Without this focus on the Daleks, the story would have been unable to sustain its six episodes; in the event, it flows fairly well after the first, establishing episode, which concludes with the obligatory closing shot of a Dalek. This one has been frozen by the long, frigid Spiridonian night (foreshadowing their susceptibility to cold) while using its invisibility power, so it must be made visible by spray paint. (And, of note, this is the only time a Dalek is ever encountered while invisible, despite that power being central to the plot.)

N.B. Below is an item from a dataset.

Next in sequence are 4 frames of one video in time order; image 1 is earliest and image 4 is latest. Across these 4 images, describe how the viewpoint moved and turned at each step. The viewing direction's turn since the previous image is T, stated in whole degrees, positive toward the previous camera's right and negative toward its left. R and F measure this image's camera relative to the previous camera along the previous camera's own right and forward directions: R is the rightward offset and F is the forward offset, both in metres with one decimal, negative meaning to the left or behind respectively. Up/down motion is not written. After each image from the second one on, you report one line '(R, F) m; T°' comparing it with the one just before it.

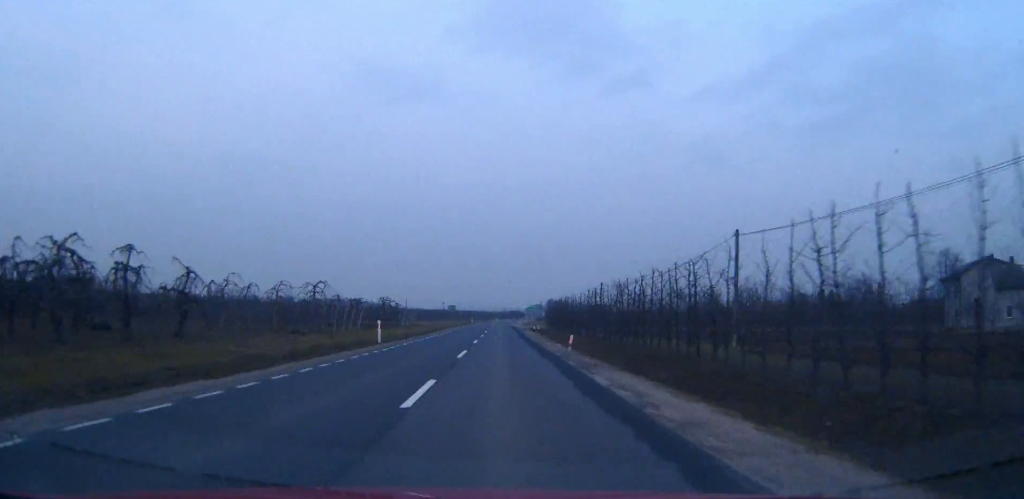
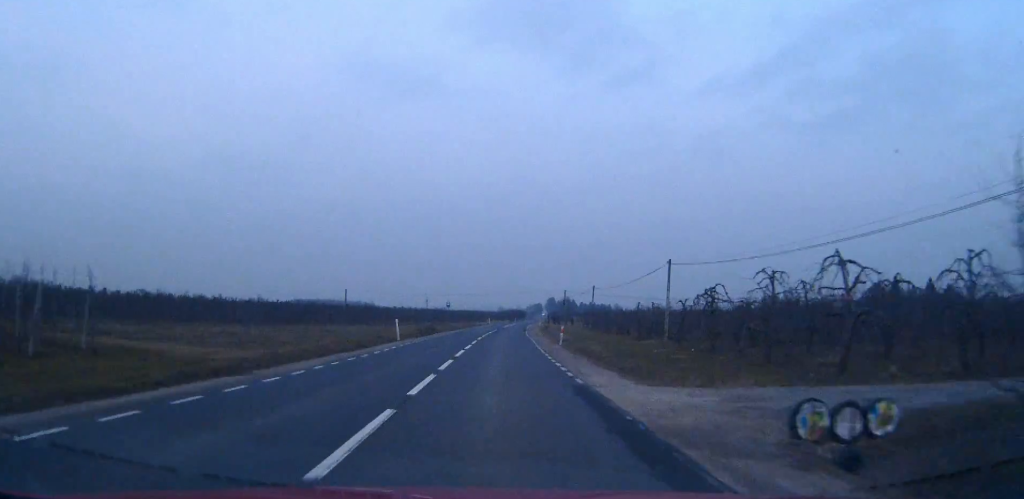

Nation takes some pains to develop the Thals as well, showing conflict and relationships between the characters, all of whom have typically Nation-esque, two syllable names: Rebec, Vaber, Taron, Latep, Codal. Latep even develops a crush on Jo, causing a moment at the end where Jo must decide whether to stay with the plucky anti-Dalek rebel (shades of Susan staying with David in Nation’s “The Dalek Invasion of Earth“). In the event, she does not, having a world and a life of her own to which to return. Oddly, the Doctor does not comment on the similarity between that moment and Susan’s own reckoning—although, given that the First Doctor locked Susan out of the TARDIS to force her to live her own life and follow her heart, perhaps it’s not a moment about which he cares to reminisce.
With the Daleks and Thals occupying most of the narrative real estate in this story, Jo and the Doctor suffer somewhat in terms of character development. Katy Manning receives that thinly-drawn romantic arc, establishing further her independent spirit, and Jo gets the chance to break into and then out of the Dalek base looking for the Doctor with the help of a kindly Spiridonian resistance member. She neither finds the Doctor nor thwarts the Dalek plan in any way, but at least she gets some screen time and shows off her stealthy moves around and behind unwitting Daleks.
The Third Doctor gets a few decent moments as well, though not as many as one would hope in a six-episode story. Of note, Pertwee exhibits a decidedly hard mien when the Doctor believes Jo to have been killed after the Daleks destroy the Thal spaceship she had been hiding in. Once more, the Daleks get a pass when it comes to the Doctor’s pacifism, being the embodiments of pure evil for him. He glares at his pepperpot captors (who do not realize who he is, for some quite odd reason, until the final episode), almost daring them to give him a reason to act.
While the Doctor has killed many a Dalek before—including, theoretically, all of them, in “The Daleks,” before Nation and the BBC realized they had a gold mine on their hands—here, when he accidentally fries the brain of one, he makes light of the situation: “You know, for a man who abhors violence, I took great satisfaction in doing that.” It’s an unaccustomed hardness in the Doctor, one that feels slightly off, if only because Pertwee actually pulls it off quite well. The Third Doctor could have been much different in Pertwee’s hands, one realizes in this story.
Its faults aside, “Planet of the Daleks” nevertheless shows off the tyrannical tin tricycles to good effect, better by far than their initial showing the the Pertwee era, “Day of the Daleks,” where they sat behind a screen for most of the story. Most importantly, the prospect of their having even a glimmer of individuality makes them more interesting foes than they have been since their debut some ten years prior. The Daleks have their mojo back, at least for now.